## Items from a dataset

--

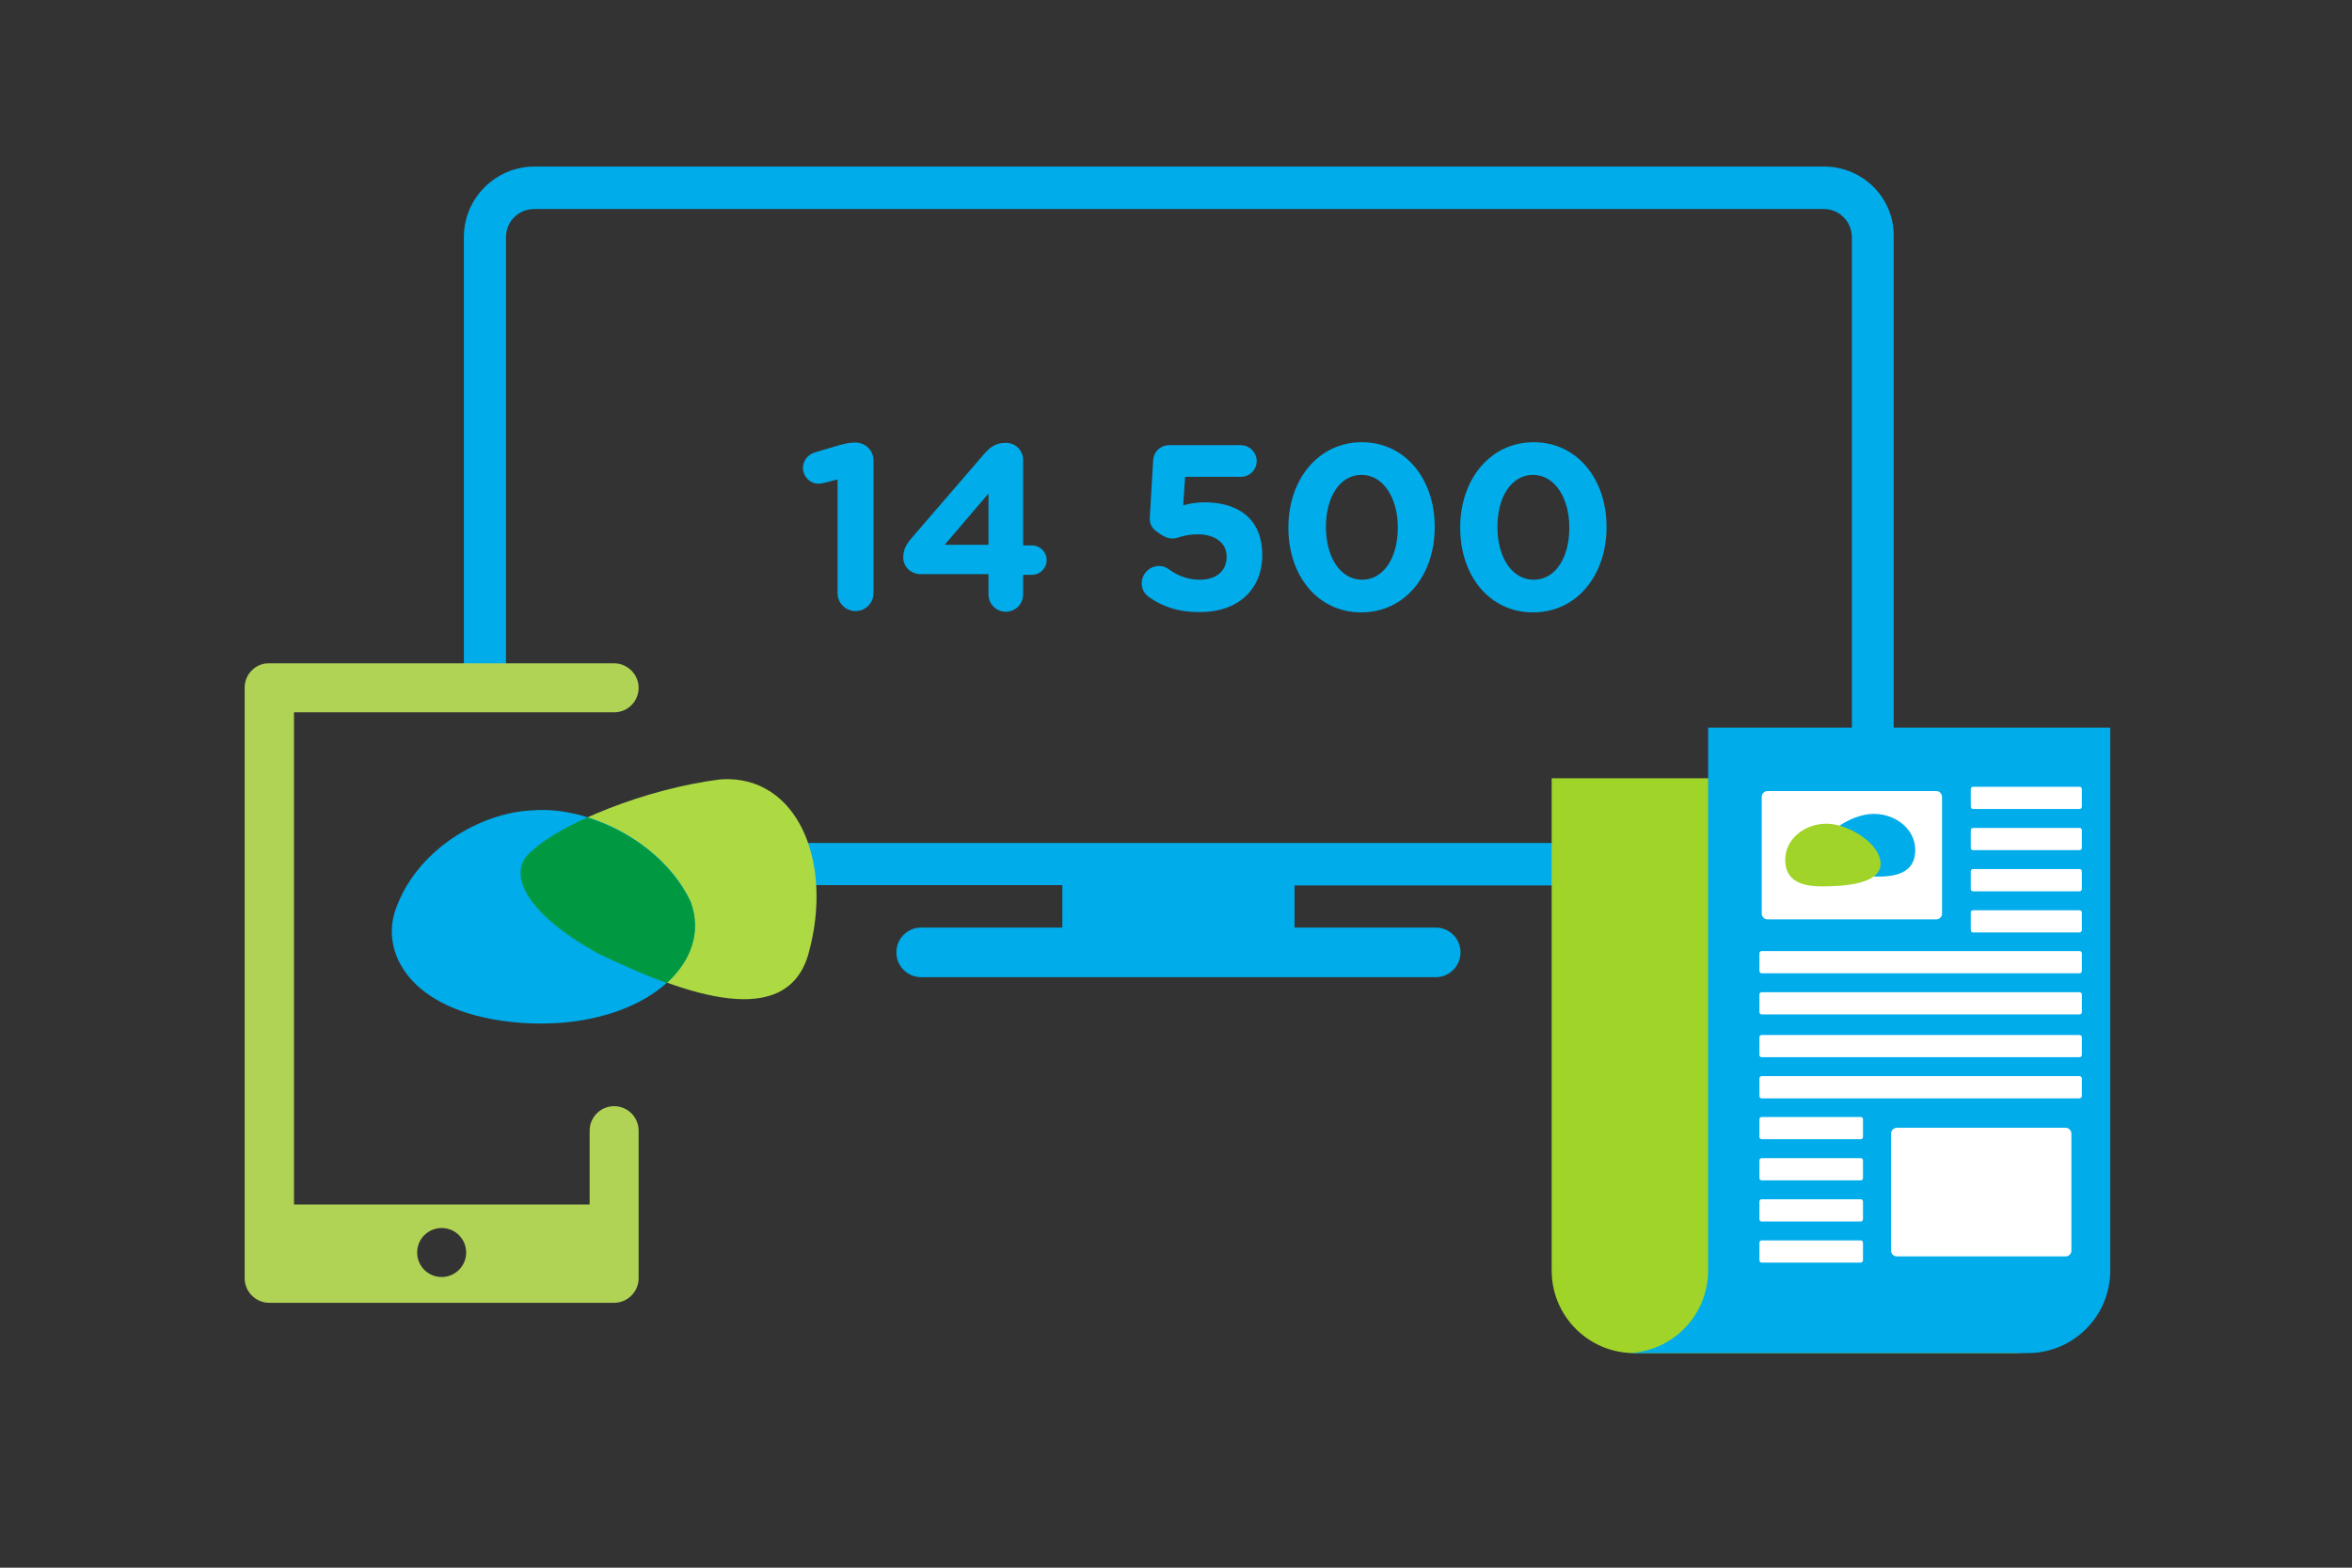 <?xml version="1.0" encoding="utf-8"?>
<!-- Generator: Adobe Illustrator 23.0.2, SVG Export Plug-In . SVG Version: 6.00 Build 0)  -->
<svg version="1.1" id="Layer_1" xmlns="http://www.w3.org/2000/svg" xmlns:xlink="http://www.w3.org/1999/xlink" x="0px" y="0px"
	 viewBox="0 0 720 480" style="enable-background:new 0 0 720 480;" xml:space="preserve">
<rect x="0" y="0" width="720" height="480" fill="#333333" stroke="none"/>
<style type="text/css">
	.st0{fill:#00ACEA;}
	.st1{fill:#AFD254;}
	.st2{fill:#FFFFFF;}
	.st3{fill:#B0D255;}
	.st4{fill:#00B5F0;}
	.st5{fill-rule:evenodd;clip-rule:evenodd;fill:#00ACE9;}
	.st6{fill-rule:evenodd;clip-rule:evenodd;fill:#25B2E7;}
	.st7{fill:#25B2E7;}
	.st8{fill:#ADD154;}
	.st9{fill:#25B0E5;}
	.st10{fill:#AED148;}
	.st11{fill:#22A9E0;}
	.st12{fill:#333F4F;}
	.st13{fill:#4D4D4D;}
	.st14{fill:#00ACE9;}
	.st15{fill:#ADDA43;}
	.st16{fill:none;}
	.st17{fill:#008F25;}
	.st18{fill:#22A9E0;stroke:#22A9E0;stroke-width:8;stroke-miterlimit:10;}
	.st19{fill:#A0D429;}
	.st20{fill-rule:evenodd;clip-rule:evenodd;fill:#A0D429;}
	.st21{fill-rule:evenodd;clip-rule:evenodd;fill:#00ACEA;}
	.st22{fill:none;stroke:#A0D429;stroke-width:7;stroke-linecap:round;stroke-linejoin:round;}
	.st23{fill:none;stroke:#A0D429;stroke-width:13;stroke-linecap:round;stroke-linejoin:round;}
	.st24{fill:none;stroke:#A0D429;stroke-width:13;stroke-linecap:round;stroke-linejoin:round;stroke-dasharray:59.5,59.5;}
	.st25{fill:#009941;}
</style>
<path class="st0" d="M558.4,51H163.6c-11.9,0-21.6,9.7-21.6,21.6v145.4c4.3-0.3,8.6-0.9,12.9-1.6V72.6c0-4.8,3.9-8.6,8.6-8.6h394.8
	c4.8,0,8.6,3.9,8.6,8.6v176.9c0,4.8-3.9,8.6-8.6,8.6h-336c0.2,4.3,0.4,8.6,0.5,12.9h102.4V284h-43.2c-4.2,0-7.6,3.4-7.6,7.6
	s3.4,7.6,7.6,7.6h157.5c4.2,0,7.6-3.4,7.6-7.6s-3.4-7.6-7.6-7.6h-43.2v-12.9h161.8c11.9,0,21.6-9.7,21.6-21.6V72.6
	C580,60.7,570.3,51,558.4,51z"/>
<g>
	<path class="st19" d="M594.7,389V238.3H475V389c0,14,11.3,25.3,25.3,25.3H620C606,414.3,594.7,403,594.7,389z"/>
	<path class="st0" d="M522.9,222.8v30.8v17.1v47.9v47.9v17.1v5.4c0,14-11.3,25.3-25.3,25.3h123.1c14,0,25.3-11.3,25.3-25.3v-5.4
		v-17.1v-47.9v-47.9v-17.1v-30.8H522.9z"/>
	<path class="st2" d="M636.6,247.7H604c-0.4,0-0.7-0.3-0.7-0.7v-5.4c0-0.4,0.3-0.7,0.7-0.7h32.6c0.4,0,0.7,0.3,0.7,0.7v5.4
		C637.3,247.4,637,247.7,636.6,247.7z"/>
	<path class="st2" d="M636.6,260.3H604c-0.4,0-0.7-0.3-0.7-0.7v-5.4c0-0.4,0.3-0.7,0.7-0.7h32.6c0.4,0,0.7,0.3,0.7,0.7v5.4
		C637.3,260,637,260.3,636.6,260.3z"/>
	<path class="st2" d="M636.6,272.9H604c-0.4,0-0.7-0.3-0.7-0.7v-5.4c0-0.4,0.3-0.7,0.7-0.7h32.6c0.4,0,0.7,0.3,0.7,0.7v5.4
		C637.3,272.6,637,272.9,636.6,272.9z"/>
	<path class="st2" d="M636.6,285.5H604c-0.4,0-0.7-0.3-0.7-0.7v-5.4c0-0.4,0.3-0.7,0.7-0.7h32.6c0.4,0,0.7,0.3,0.7,0.7v5.4
		C637.3,285.1,637,285.5,636.6,285.5z"/>
	<path class="st2" d="M636.6,298h-97.3c-0.4,0-0.7-0.3-0.7-0.7v-5.4c0-0.4,0.3-0.7,0.7-0.7h97.3c0.4,0,0.7,0.3,0.7,0.7v5.4
		C637.3,297.7,637,298,636.6,298z"/>
	<path class="st2" d="M636.6,310.6h-97.3c-0.4,0-0.7-0.3-0.7-0.7v-5.4c0-0.4,0.3-0.7,0.7-0.7h97.3c0.4,0,0.7,0.3,0.7,0.7v5.4
		C637.3,310.3,637,310.6,636.6,310.6z"/>
	<path class="st2" d="M636.6,323.7h-97.3c-0.4,0-0.7-0.3-0.7-0.7v-5.4c0-0.4,0.3-0.7,0.7-0.7h97.3c0.4,0,0.7,0.3,0.7,0.7v5.4
		C637.3,323.4,637,323.7,636.6,323.7z"/>
	<path class="st2" d="M636.6,336.3h-97.3c-0.4,0-0.7-0.3-0.7-0.7v-5.4c0-0.4,0.3-0.7,0.7-0.7h97.3c0.4,0,0.7,0.3,0.7,0.7v5.4
		C637.3,335.9,637,336.3,636.6,336.3z"/>
	<path class="st2" d="M569.6,348.8h-30.3c-0.4,0-0.7-0.3-0.7-0.7v-5.4c0-0.4,0.3-0.7,0.7-0.7h30.3c0.4,0,0.7,0.3,0.7,0.7v5.4
		C570.3,348.5,570,348.8,569.6,348.8z"/>
	<path class="st2" d="M569.6,361.4h-30.3c-0.4,0-0.7-0.3-0.7-0.7v-5.4c0-0.4,0.3-0.7,0.7-0.7h30.3c0.4,0,0.7,0.3,0.7,0.7v5.4
		C570.3,361.1,570,361.4,569.6,361.4z"/>
	<path class="st2" d="M569.6,374h-30.3c-0.4,0-0.7-0.3-0.7-0.7v-5.4c0-0.4,0.3-0.7,0.7-0.7h30.3c0.4,0,0.7,0.3,0.7,0.7v5.4
		C570.3,373.7,570,374,569.6,374z"/>
	<path class="st2" d="M569.6,386.6h-30.3c-0.4,0-0.7-0.3-0.7-0.7v-5.4c0-0.4,0.3-0.7,0.7-0.7h30.3c0.4,0,0.7,0.3,0.7,0.7v5.4
		C570.3,386.2,570,386.6,569.6,386.6z"/>
	<path class="st2" d="M632.3,384.7h-51.6c-1,0-1.8-0.8-1.8-1.8v-35.8c0-1,0.8-1.8,1.8-1.8h51.6c1,0,1.8,0.8,1.8,1.8V383
		C634.1,383.9,633.3,384.7,632.3,384.7z"/>
	<path class="st2" d="M592.7,281.5h-51.6c-1,0-1.8-0.8-1.8-1.8V244c0-1,0.8-1.8,1.8-1.8h51.6c1,0,1.8,0.8,1.8,1.8v35.8
		C594.5,280.7,593.7,281.5,592.7,281.5z"/>
	<path class="st0" d="M557.1,261.5c0,6.1,10.9,6.9,17.9,6.9s11.3-2.1,11.3-8.2c0-6.1-5.7-11-12.7-11
		C566.7,249.2,557.1,255.4,557.1,261.5z"/>
	<path class="st19" d="M575.7,264.5c0,6.1-10.9,6.9-17.9,6.9c-7,0-11.3-2.1-11.3-8.2s5.7-11,12.7-11
		C566.1,252.3,575.7,258.4,575.7,264.5z"/>
</g>
<g>
	<rect x="220.4" y="133.7" class="st16" width="275.3" height="62.7"/>
	<path class="st0" d="M256.4,146.8l-3.9,1c-0.6,0.1-1.4,0.3-1.9,0.3c-2.6,0-4.8-2.2-4.8-4.8c0-2.2,1.4-4.1,3.7-4.8l7.1-2.1
		c2.1-0.6,3.7-0.9,5.2-0.9h0.1c3,0,5.5,2.4,5.5,5.5v40.6c0,3-2.4,5.5-5.5,5.5c-3,0-5.5-2.4-5.5-5.5V146.8z"/>
	<path class="st0" d="M302.6,175.8h-20.7c-3,0-5.4-2.2-5.4-5.1c0-2.3,0.9-4.1,2.6-6l21.9-25.4c2.1-2.4,3.7-3.7,6.9-3.7
		c3,0,5.3,2.3,5.3,5.3v26.1h2.7c2.5,0,4.5,2,4.5,4.5c0,2.5-2,4.5-4.5,4.5h-2.7v6c0,3-2.4,5.3-5.3,5.3s-5.3-2.3-5.3-5.3V175.8z
		 M302.6,166.8v-15.7l-13.4,15.7H302.6z"/>
	<path class="st0" d="M351.7,182.8c-1.3-0.9-2.2-2.4-2.2-4.2c0-2.9,2.4-5.3,5.3-5.3c1.3,0,2.2,0.4,3,1c3.1,2.2,6,3.2,9.6,3.2
		c4.7,0,8.1-2.5,8.1-7v-0.1c0-4.3-3.7-6.8-8.9-6.8c-4.2,0-6.1,1.3-7.6,1.3c-1.6,0-2.8-0.6-5-2.2c-1.5-1.1-2.2-2.6-2-4.5l1-17.1
		c0.1-2.7,2.2-4.8,4.9-4.8h21.9c2.7,0,4.9,2.2,4.9,4.9s-2.2,4.8-4.9,4.8h-17l-0.6,8.7c2-0.5,3.8-0.9,6.6-0.9
		c9.9,0,17.6,4.8,17.6,16.1v0.1c0,10.7-7.7,17.4-18.8,17.4C360.5,187.5,355.7,185.6,351.7,182.8z"/>
	<path class="st0" d="M394.4,161.6v-0.1c0-14.6,9.1-26.1,22.5-26.1c13.3,0,22.3,11.3,22.3,25.9v0.1c0,14.6-9,26.1-22.5,26.1
		C403.3,187.5,394.4,176.2,394.4,161.6z M427.9,161.6v-0.1c0-9.1-4.5-16.1-11.1-16.1c-6.6,0-10.9,6.7-10.9,15.9v0.1
		c0,9.2,4.4,16.1,11.1,16.1C423.6,177.5,427.9,170.7,427.9,161.6z"/>
	<path class="st0" d="M447,161.6v-0.1c0-14.6,9.1-26.1,22.5-26.1c13.3,0,22.3,11.3,22.3,25.9v0.1c0,14.6-9,26.1-22.5,26.1
		C455.9,187.5,447,176.2,447,161.6z M480.4,161.6v-0.1c0-9.1-4.5-16.1-11.1-16.1c-6.6,0-10.9,6.7-10.9,15.9v0.1
		c0,9.2,4.4,16.1,11.1,16.1C476.2,177.5,480.4,170.7,480.4,161.6z"/>
</g>
<g>
	<path class="st3" d="M74.9,210.5v180.9c0,4.1,3.4,7.5,7.5,7.5H188c4.1,0,7.5-3.4,7.5-7.5v-45.2c0-4.2-3.4-7.5-7.5-7.5
		c-4.2,0-7.5,3.4-7.5,7.5v22.6H90V218.1h98c4.2,0,7.5-3.4,7.5-7.5s-3.4-7.5-7.5-7.5H82.4C78.3,203,74.9,206.4,74.9,210.5z
		 M127.7,383.5c0-4.2,3.4-7.5,7.5-7.5c4.2,0,7.5,3.4,7.5,7.5c0,4.2-3.4,7.5-7.5,7.5C131.1,391,127.7,387.7,127.7,383.5z"/>
</g>
<g>
	<path class="st15" d="M247.5,292c7.8-28.1-3.4-54.7-26.6-53.4c-23.3,2.8-49.1,13.6-57.8,21.7c-8.8,6.8-1.5,19.7,20.2,31.6
		C210.6,305.1,240.9,315.4,247.5,292"/>
	<path class="st14" d="M159.7,313.2c34.9,2.4,59.1-16.8,51.7-37.2c-8.6-18.1-31.1-29.2-48.2-27.9c-16.2,0.6-36.3,12.3-42.4,31.3
		C116.8,292.5,126.3,310.7,159.7,313.2"/>
	<path class="st25" d="M211.4,276.1c-6-12.6-18.7-21.8-31.6-25.8c-7.4,3.3-13.4,6.9-16.8,10.1c-8.8,6.8-1.5,19.7,20.2,31.6
		c6.9,3.3,14,6.5,20.9,9C211.7,294.1,214.8,285.2,211.4,276.1"/>
</g>
</svg>

--

The answer must be the number of lines in the records where the string "rect" is found, stated alone.

2